Abstract
The eastern hemlock (Tsuga canadensis) is an important foundation species that is currently declining throughout eastern U.S. forests due to the exotic pests hemlock woolly adelgid (Adelges tsugae) and elongate hemlock scale (Fiorinia externa). Hemlock is often replaced by deciduous tree species, such as black birch (Betula lenta), and has been shown to have large consequences for carbon dynamics due to a substantial loss of soil organic layer carbon storage in hemlock forests when replaced by birch and higher decomposition found in black birch stands. Soil carbon is one of the most important components of the global carbon cycle and has high potential to feedback to climate change when large portions of stored carbon are lost to the atmosphere.
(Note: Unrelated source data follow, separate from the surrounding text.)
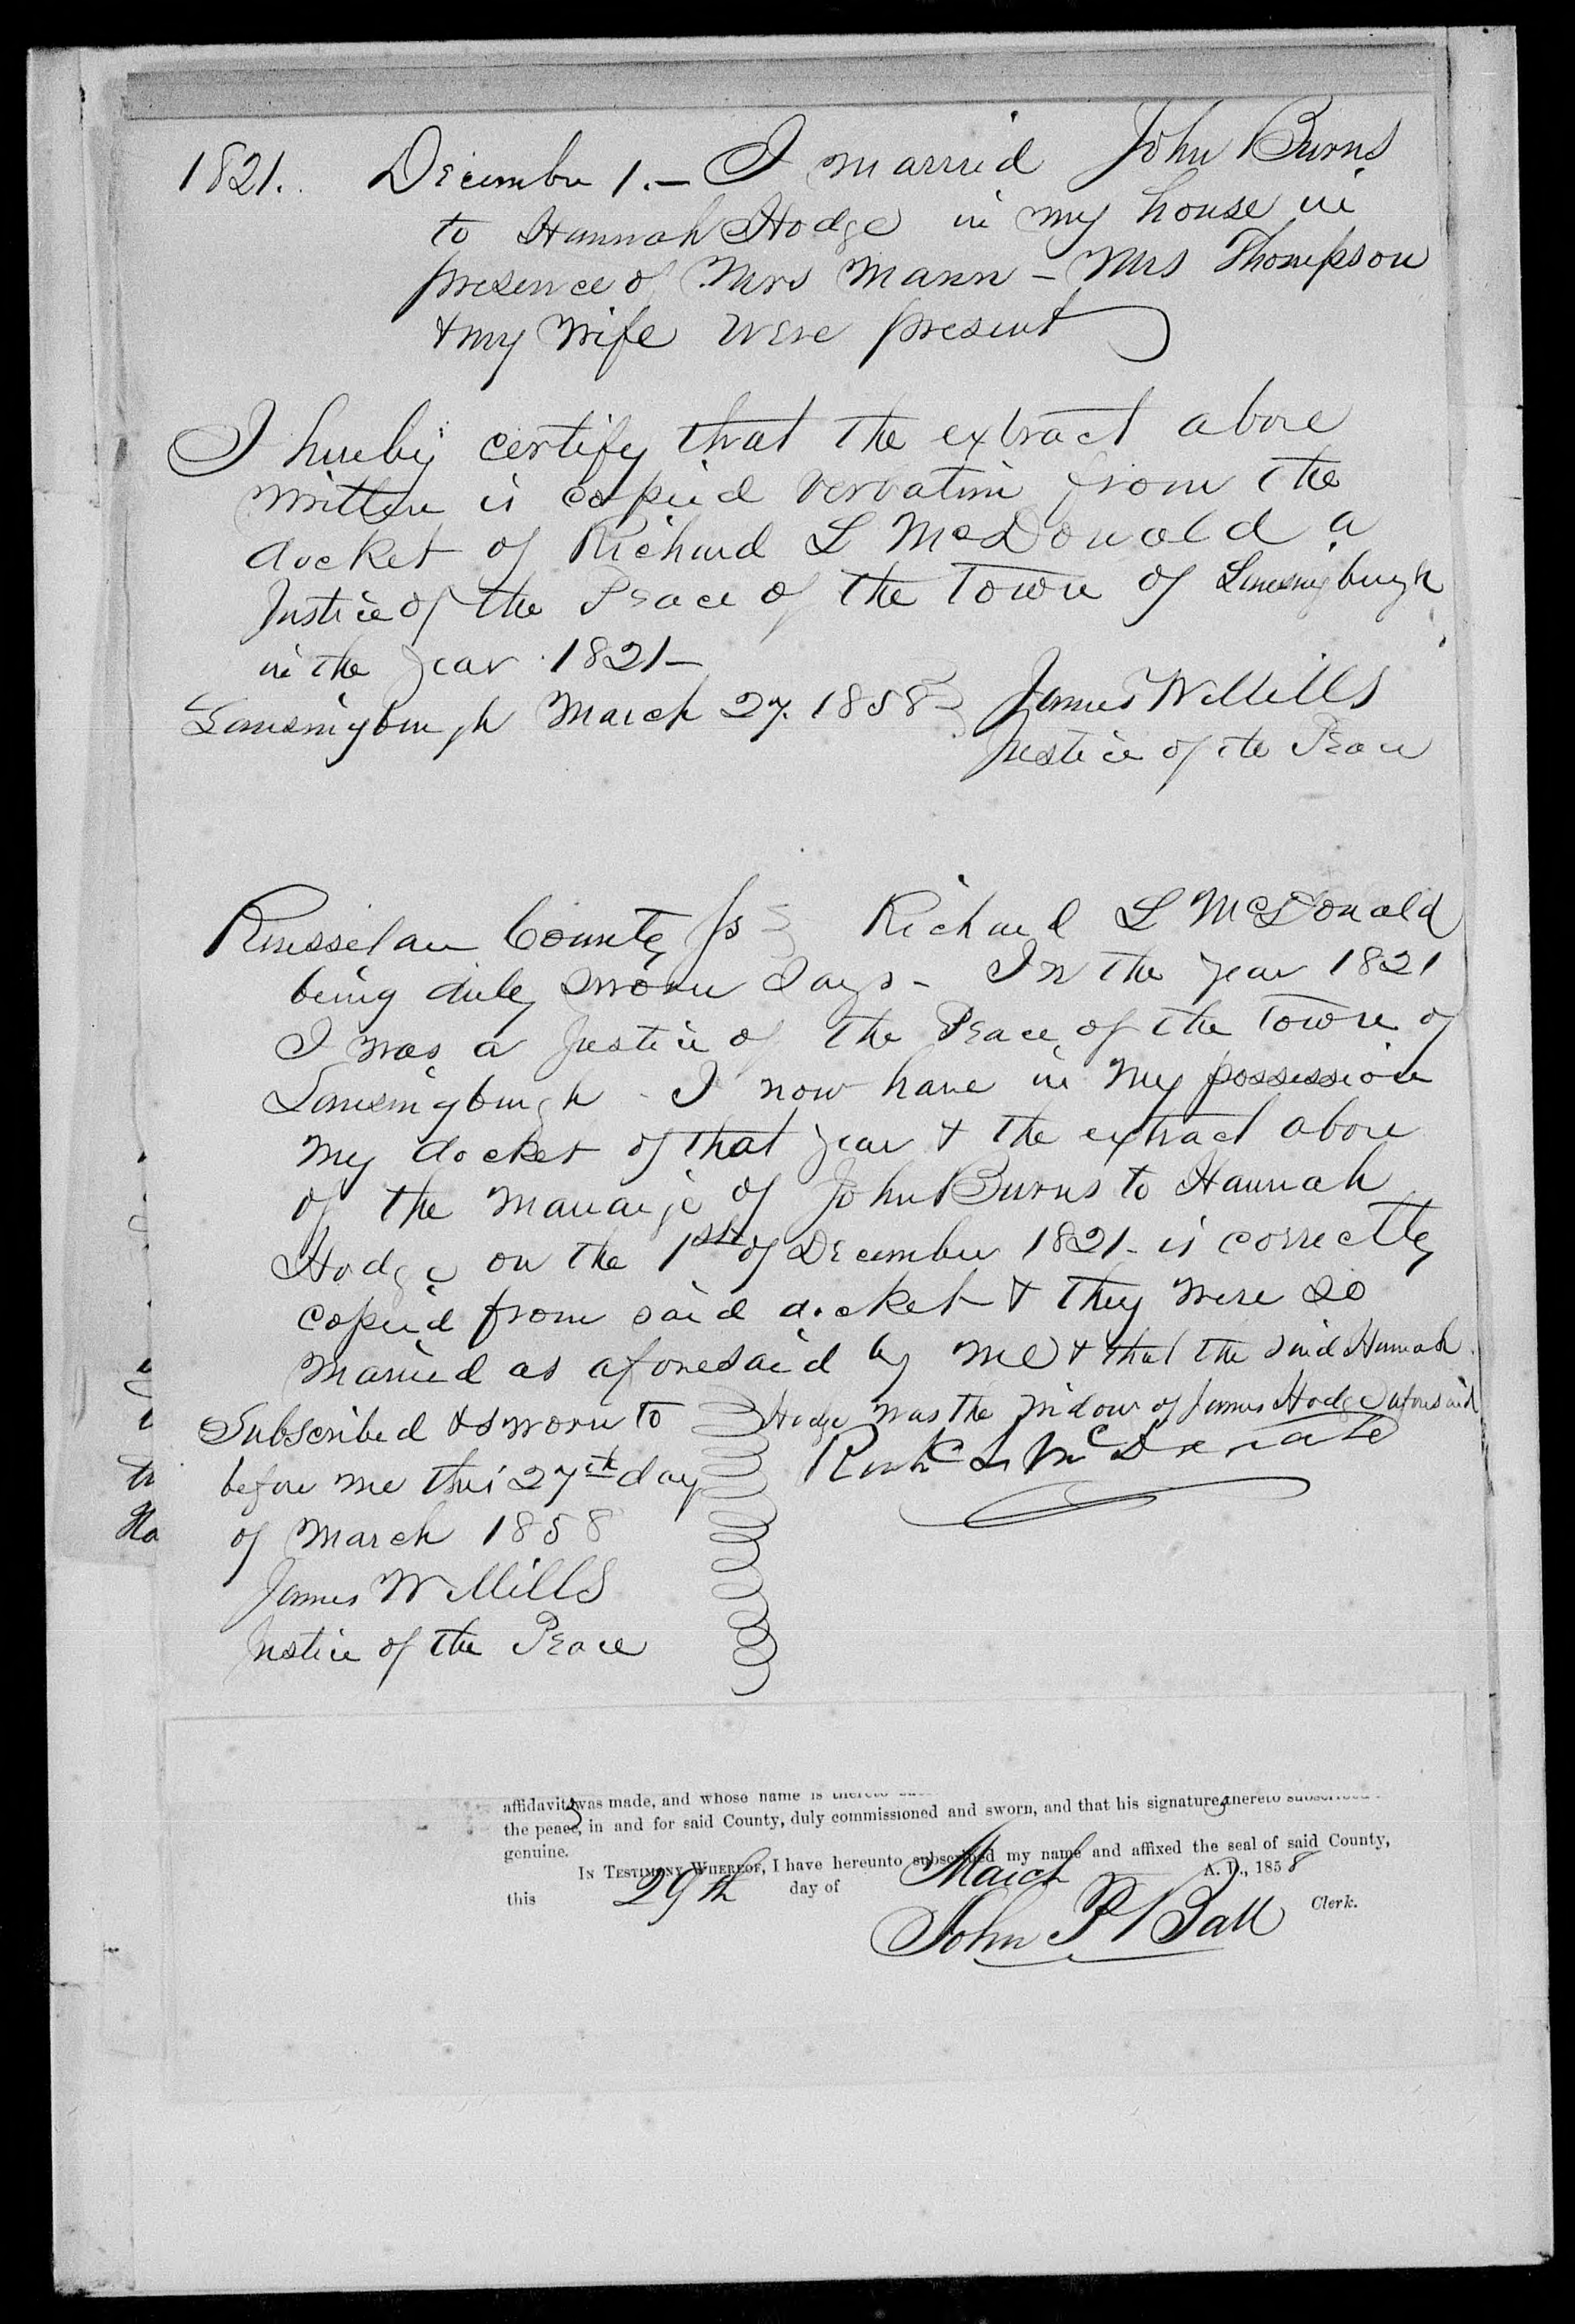1821 December 1 - I married John Burnes to Hannah Hodge in my house in presence of Mars Mann - Mrs Thompson + my wife were present
I hereby certify that the extract above written is copied verbatim from the docket of Richard L. McDonald a Justice of the Peace of the town of Lansingburgh in the year 1821 - 
Lansingburgh March 27 1959 James W Mills
Justice of the Peace

Renesselaer County Richard L McDonald being duly sworn days in the year 1821 I was a Justice of the Peace of the town of Lansingburgh I now have in my possession my docket of that year + the extract above of the marriage of John Burnes to Hannah Hodge on the 1st of December 1821 is correctly copied from said docket + they were so married and aforesaid by me + that the said Hannh subscribed and sworn to before me this 27th day of March 1858
James W Mills
Justice of the Peace
Richard L McDonald
29th of March 
John P. Gall

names: Mann, Thompson, John Burns, James W Mills, Richard L Mc Donald, Hannah Hodge, Hannah Hodge, James Hodge, Richard L Mc Donald, James W Mills, John Burns, John P Ball, Hannah Hodge, Richd L Mc Donald
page: 42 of 48
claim: widow's
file: W. 10476, James Hodge, New York

There is a general consensus that soil respiration increases with temperature, but there has yet to be a consensus on how temperature sensitivity of soil respiration is affected by various biotic and abiotic factors, such as soil moisture and substrate quality. In this study, the effects of soil temperature and soil moisture on soil respiration (Rs), the temperature sensitivity of soil respiration (Q10), and soil basal respiration (R10) were investigated for hemlock, young birch, and mature birch forest types annually for three years. The Rs values of the three forest types were primarily driven by soil temperature rather than by soil moisture across all years. Soil respiration data collected from hemlock, young birch, and mature birch stands were used to determine annual Q10 and R10 values. The Q10 and R10 values were not significantly different between forest stands, but they were significantly different over the three years. Determinants of Q10 and R10 differed between forest type, with soil moisture primarily influencing Q10 in hemlock and mature birch stands and soil temperature primarily influencing R10 in mature birch stands. The results suggest a complex interaction of soil moisture and soil temperature, and potentially substrate quality and quantity, as determinants of temperature sensitivities in eastern U.S. forests that have transitioned from hemlock-dominated to black birch-dominated forests.
Highlights
The world is witnessing an unprecedented acceleration in warming trends, which may have devastating implications for ecological process [1]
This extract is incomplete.